Did you ever wonder why the stretch of the Potomac River running between Maryland and Virginia is considered to be in Maryland, when most state-to-state boundaries exist in the center of rivers?
In 1632, King Charles I sought to accommodate Cecil Calvert, the Baron of Baltimore in part to keep the Dutch from encroaching into the new British colonies. The Baron named the new colony, Maryland after Charles I’s wife, Queen Henrietta Maria.
In the process, Virginia lost control of the land north of the Potomac River and Maryland retained the rights to the River. The Charter of 1632 officially established the colony of Maryland and reduced the size of Virginia.
Then in 1776, the first constitution of Virginia validated the Maryland charter s claim to the Potomac River. Virginia did assert the right to use the River for navigation: to have use of the water and shoreline in what are considered riparian rights.
There followed a series of negotiated settlements in 1785, 1877, and 1958. Several Supreme Court decisions defined how the boundary line was to be handled. 1877, Virginia and Maryland agreed to designate a “commission of arbitrators” to determine the exact location of the boundary between the two states. Its members were Jeremiah S. Black of Pennsylvania, Charles J. Jenkins of Georgia and James B. Beck of Kentucky. That commission determined that the boundary is at the low water mark on the Virginia side of the River, where it is located to this day.
Oysters were once plentiful in the Potomac. All through the 1700s, according to historical sources, quiet battles were waged between the watermen of Maryland and Virginia. It apparently became so intense that in the 1800s the State governments got involved and there was conflict between them and the oyster harvesters. Barges plied the River to monitor the watermen, often leading to conflict.
In 1947, The Washington Post wrote, “Already the sound of rifle fire has echoed across the Potomac River, only 50 miles from Washington men are shooting one another. The night is quiet until suddenly shots snap through the air. Possibly a man is dead, perhaps a boat is taken, but the oyster war will go on until the next night and the next."
Finally, as late as 1962, President Kennedy signed the Potomac Fisheries Bill establishing a bi-state commission to oversee the Potomac River.
There have been some intriguing consequences to the arrangement. One developer in Virginia had to get a permit from Maryland to use the water from the Potomac to irrigate a golf course.

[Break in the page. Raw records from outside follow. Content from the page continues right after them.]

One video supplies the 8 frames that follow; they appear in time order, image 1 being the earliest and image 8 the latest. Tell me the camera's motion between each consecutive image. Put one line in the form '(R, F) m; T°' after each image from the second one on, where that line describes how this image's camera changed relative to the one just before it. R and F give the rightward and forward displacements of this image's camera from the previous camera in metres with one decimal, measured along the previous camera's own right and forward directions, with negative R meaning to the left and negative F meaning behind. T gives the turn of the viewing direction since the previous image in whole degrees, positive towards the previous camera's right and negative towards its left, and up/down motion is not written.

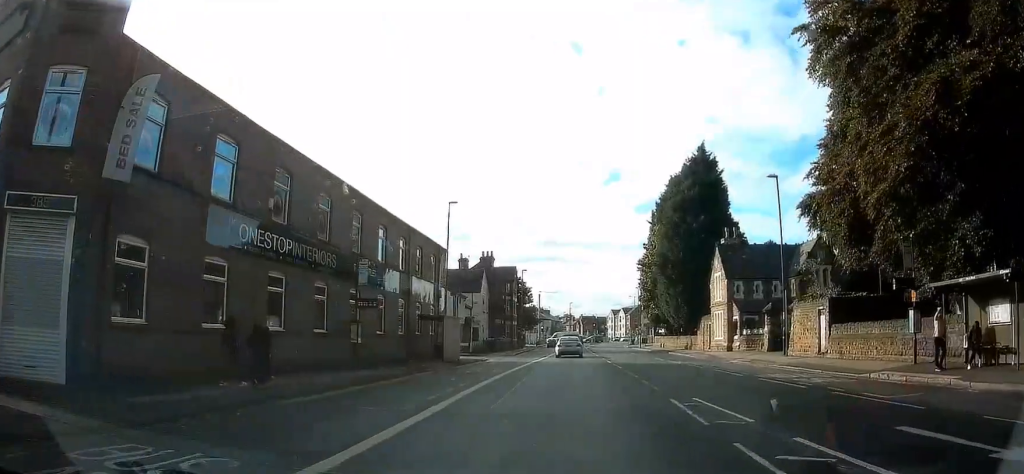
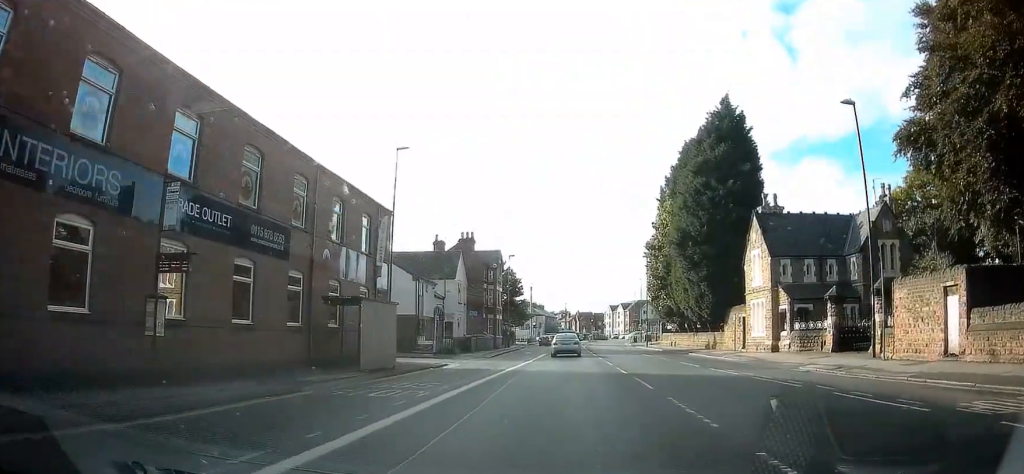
(+0.1, +12.3) m; +1°
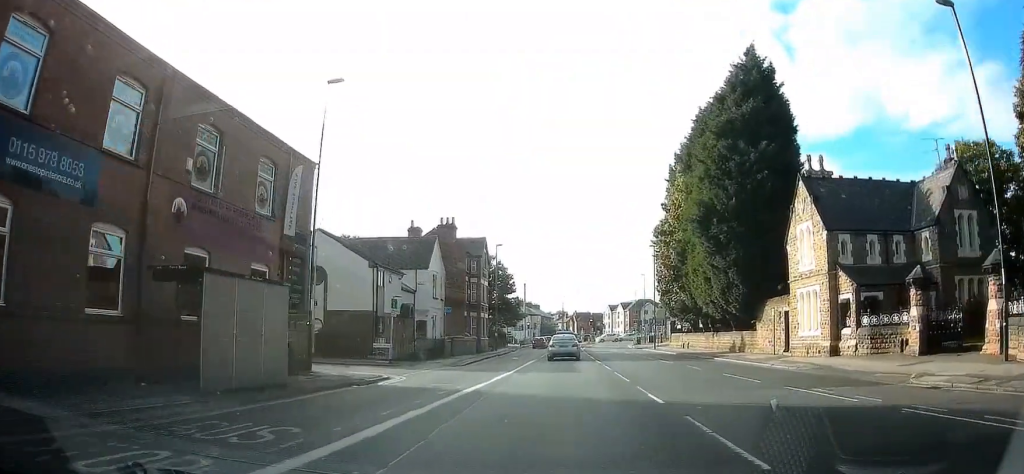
(0.0, +9.2) m; 0°
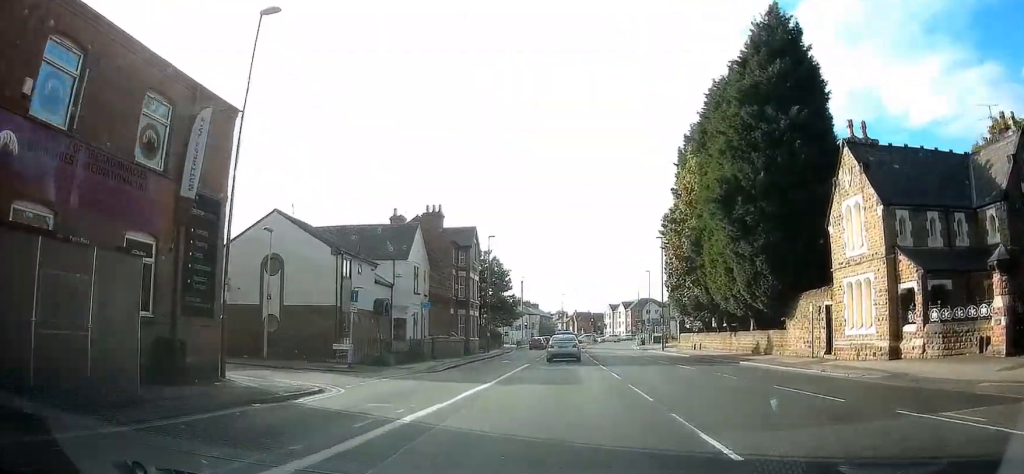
(-0.1, +5.8) m; 0°
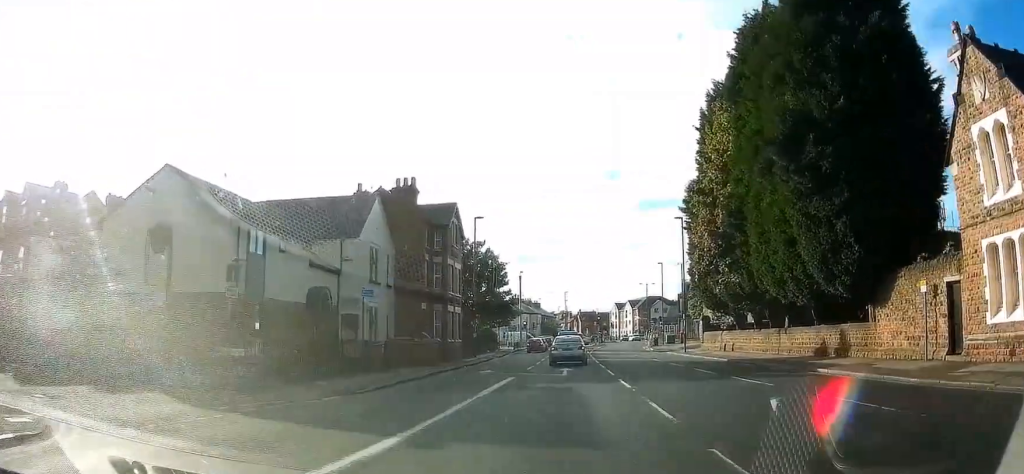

In the 1950s, when gambling and liquor were legal in Maryland but not Virginia, Colonial Beach and Prince William County had slot machines located on boats docked in the river off the Virginia shoreline. Customers would park in Virginia, walk out on the pier, and be in Maryland.
Today, if you want to get married on a boat in the middle of the Potomac River, a Maryland marriage license is necessary.